Какое усердие оказывал нам почтенный Такатай-Кахи! Возблагодарить за оное я не имел способов, а довольствовался сказать ему: «Ты мне друг, и мы друг друга разумеем».
Обед был изготовлен ранее обыкновенного, ибо он часто поговаривал, что у него хороший аппетит. Он сел с нами вместе за стол: рыба с простою японскою чисто сваренною крупою была первым и последним блюдом. Он ел необыкновенно много. Я также давно не едал такой вкусной рыбы, приправленной, вместо всех соусов, чистейшею японскою дружбою достойного Такатая-Кахи. По окончании обеда пили за здоровье доброго начальника.
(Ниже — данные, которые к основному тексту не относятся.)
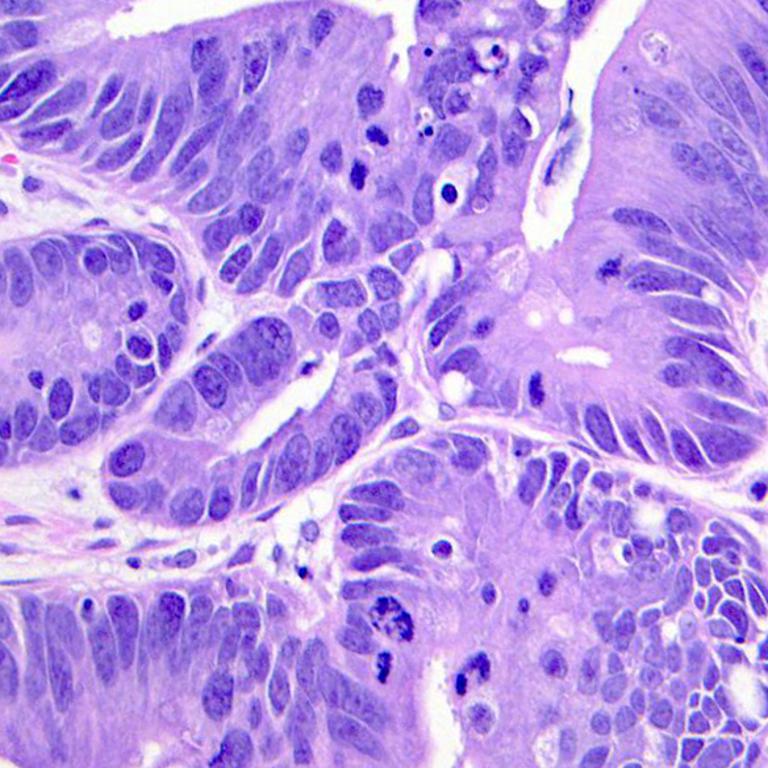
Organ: colon
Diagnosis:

К вечеру прежним порядком отвезли его на берег.
18 числа он опять к нам пожаловал для одной только дружеской беседы, жалуясь на большую на берегу скуку и на худое содержание от комиссионера компании купцов, имеющих сей остров на откупе, где он имел квартиру. По своему независимому духу это его чрезвычайно огорчало: он не мог вытерпеть, чтоб не выговорить о сем комиссионеру, и с ним поссорился. Выпросил у начальника тридцать человек курильцев и лесу построил себе досчатый особый домик, где, по его словам, со своими двумя матросами поместился весьма покойно и с великим торжеством говорил, что он теперь живет славно. О комиссионере и компанейских делах пересказывал с презрением и заключил кратким японским изречением: «Лицо надменное, а денег нет».
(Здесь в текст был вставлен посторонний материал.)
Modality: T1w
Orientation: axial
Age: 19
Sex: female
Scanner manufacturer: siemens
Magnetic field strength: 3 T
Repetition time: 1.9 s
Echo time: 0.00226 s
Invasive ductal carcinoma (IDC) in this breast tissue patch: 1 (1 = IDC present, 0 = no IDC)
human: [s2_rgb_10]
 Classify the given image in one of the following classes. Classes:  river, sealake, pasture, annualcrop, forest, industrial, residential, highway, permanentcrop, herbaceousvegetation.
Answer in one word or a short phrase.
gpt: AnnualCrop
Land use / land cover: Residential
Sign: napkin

20 июля известили меня, что видят идущего из селения нашего тайшо (под сим именем он более был известен всем матросам). На японском языке слово тайшо означает командиров; с самого начала он меня так назвал, почему я сделал ему такую же учтивость, и с тех то пор мы стали друг друга величать тайшо. Скорое такое прежде условного срока возвращение я приписал одной только его скуке. Я даже не изъявил удивления, что он так скоро к нам возвратился. Мы сошли вместе в каюту. Он, сев подле меня на стул, начал вынимать из-за пазухи бумагу, оговариваясь с видом, не предвещающим ничего особенного. «Сейчас, – говорил он, – привезли из Матсмая сие письмо незапечатанное; на нем, кажется, русская надпись». Лейтенант Филатов, подле нас стоявший, подсмотрев вниз подписью в руках тайшо обращенное письмо, с восторгом воскликнул: «Рука Василия Михайловича!» Сраженный столь неожиданною радостью, я в молчании беру от друга моего тайшо письмо, признаю руку господина Головнина, по наружной величине оного думаю найти пространное описание двухлетнего его заключения и, развернув, вижу только три следующие строки:
«Мы все, как офицеры, так матросы и курилец Алексей, живы и находимся в Матсмае.
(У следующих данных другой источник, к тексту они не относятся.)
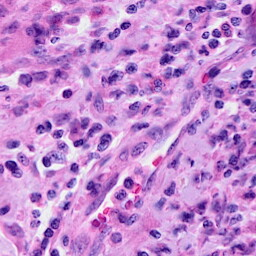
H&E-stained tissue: Cervix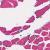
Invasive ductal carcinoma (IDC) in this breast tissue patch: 0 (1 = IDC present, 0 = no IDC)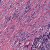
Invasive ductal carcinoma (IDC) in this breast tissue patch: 1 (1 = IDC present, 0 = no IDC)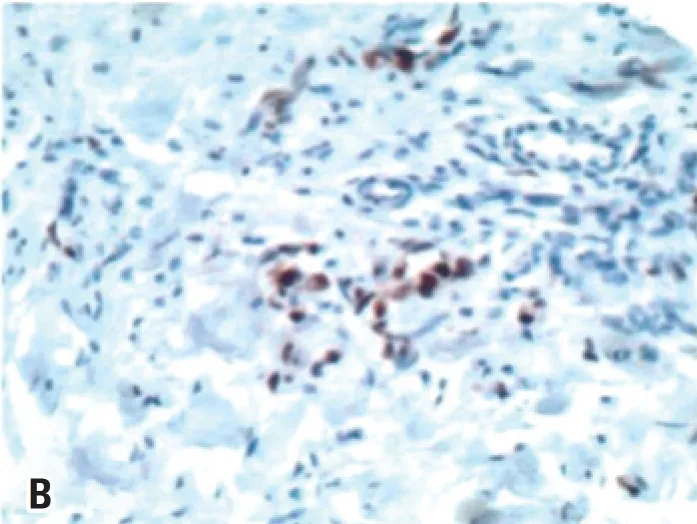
Oncogene C-MYC.
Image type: pathology (immunostaining)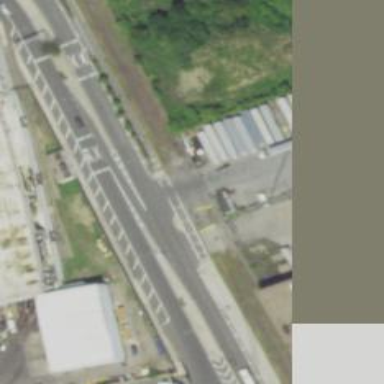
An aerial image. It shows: Asphalt cycleway with uncontrolled crossing.

Мая 10 дня 1813 года.Василий ГоловнинФедор Мур».Сии радостные строки, освободившие нас от всякого сомнения о действительном пребывании всех наших пленных в Матсмае, прочитаны были мною на шканцах всей команде. К лучшему удостоверению многие из служителей сами читали их и признали руку обожаемого своего начальника, за что с восклицанием изъявили искреннюю благодарность почтенному Такатаю-Кахи. Всей команде дано было выпить по целой чарке водки за здоровье тех друзей, которых в прошлом лете мы почитали убитыми, и все готовы были на тех берегах окончить и свою жизнь.